The kind of battles raging in outdoor recreation meccas like Jackson Hole indeed became canon fodder for Hal Clifford in the critically-acclaimed "Downward Slide," a damning indictment of the downhill ski industry. According to Clifford, Jackson Hole is fighting for its soul in a Faustian deal it struck with the real estate and downhill ski industries to put itself on the map of the rich and famous.
It’s not that Jackson Hole isn’t still visually inspiring, he says, but throughout the Rockies there’s always been the sense that a cheaper, better place to call home exists on the other side of the mountain if one’s own community goes to hell.
During the 1970s, Clifford notes, Coloradans held up Wyoming and Montana as venues where a person could flee after one cashed out in Aspen or Vail. Today, disenchanted Wyomingites and Montanans are pulling up stakes and fleeing to Alaska, which represents the end of the line.
"If you’ve owned property in Jackson Hole and your asset has appreciated in value many times over, you’re sitting pretty and it’s hard not to think about taking the money and leaving," Clifford says. But when one’s community identity is guided by the worth of real estate investment and not by one’s desire to plant longterm roots in a place, it starts to feel like a suburb. The cut and run mentality undermines social stability and multi-generational connection, he says.
With respect offered to Duerr, Clifford admires the rhetorical stand he’s taken but he’s dubious that any head of a chamber of commerce in a resort community like Jackson Hole can convince his membership to think about a time span longer than their own lives. It cuts against the grain of human nature, against the history of what has happened in every other community, and against the raison d’etre of the chamber itself. Duerr thinks Clifford is bit too jaded but he believes that any Chamber of Commerce director should be involved in local planning and zoning issues not as antagonist who represents the view of developers but as an ombudsman who recognizes that ong-term financial rewards will reach a wider suite of members if the natural assets of a town are safeguarded.

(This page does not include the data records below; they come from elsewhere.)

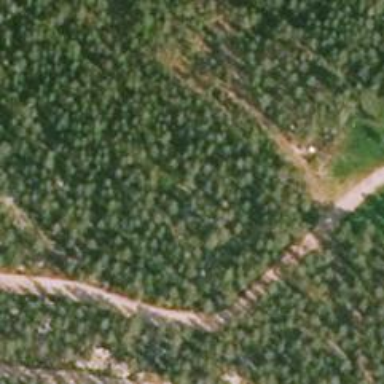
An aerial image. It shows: Path.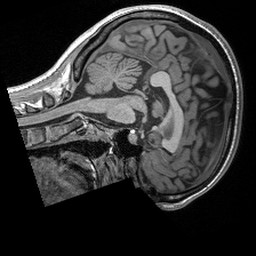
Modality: T1w
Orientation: sagittal
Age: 21
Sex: female
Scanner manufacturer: siemens
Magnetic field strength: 3 T
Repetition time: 2.4 s
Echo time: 0.00191 s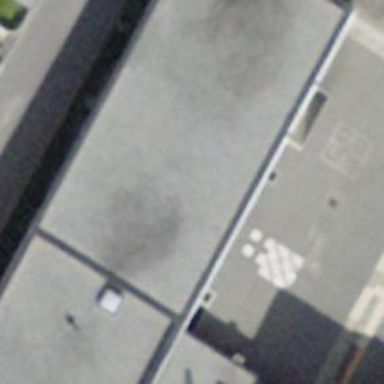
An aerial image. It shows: School building.

"When I interviewed people for my book, folks in Jackson Hole had epic questions before them that I think are still unresolved," Clifford says. "The first question is whether they had come here to settle or simply camp, play, and hang out for awhile? The second question, much more meaningful, is whether they’re willing to take a stand, in front of their community, and fight for the values that make Jackson Hole a good place to raise kids and grandkids.
In my research, I did not see enough people interesting in answering the question of what place do they want Jackson Hole to become in 20 years."

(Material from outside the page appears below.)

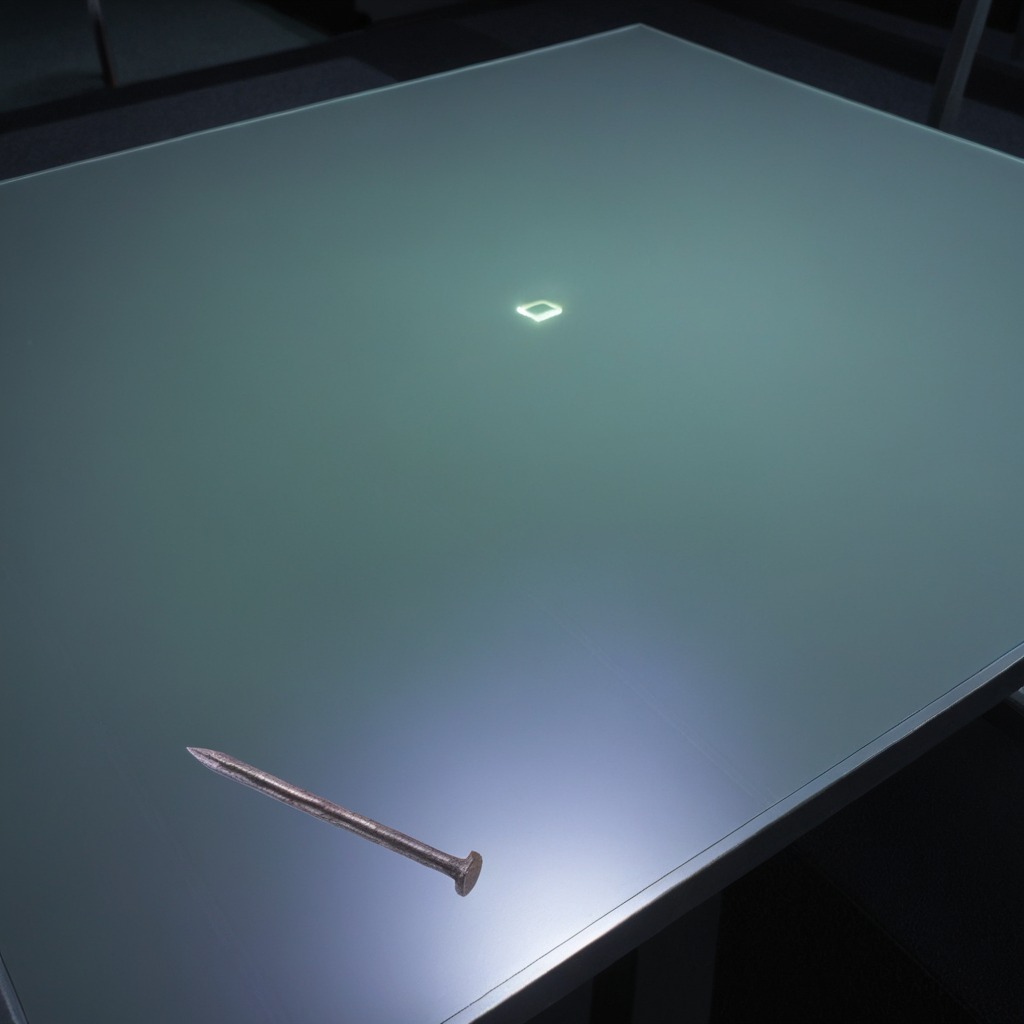
An iron nail is lying on a clean empty table in a railway signal maintenance room.

If there's a punchline, it's that Duerr, besides being an idealist, is also a pragmatist whose own life is tempered with reality. He recently resigned his post from the Chamber. Why? Because with four kids in college his Chamber salary wasn't enough to pay the bills for their tuition. He returned to a job that intersects with the law, financial planning and real estate. He hasn't, however, stopped agitating for local businesses to think greener and he's one of the most vocal supporters of the Yellowstone to Yukon conservation initiative.
He says that Chamber of Commerce directors who openly use their platform to attack conservation efforts in a knee-jerk way are not only narrow minded but their doing their members a disservice. Pleasant communities, attractive ones, are places built upon peace and dialogue, not war and name calling.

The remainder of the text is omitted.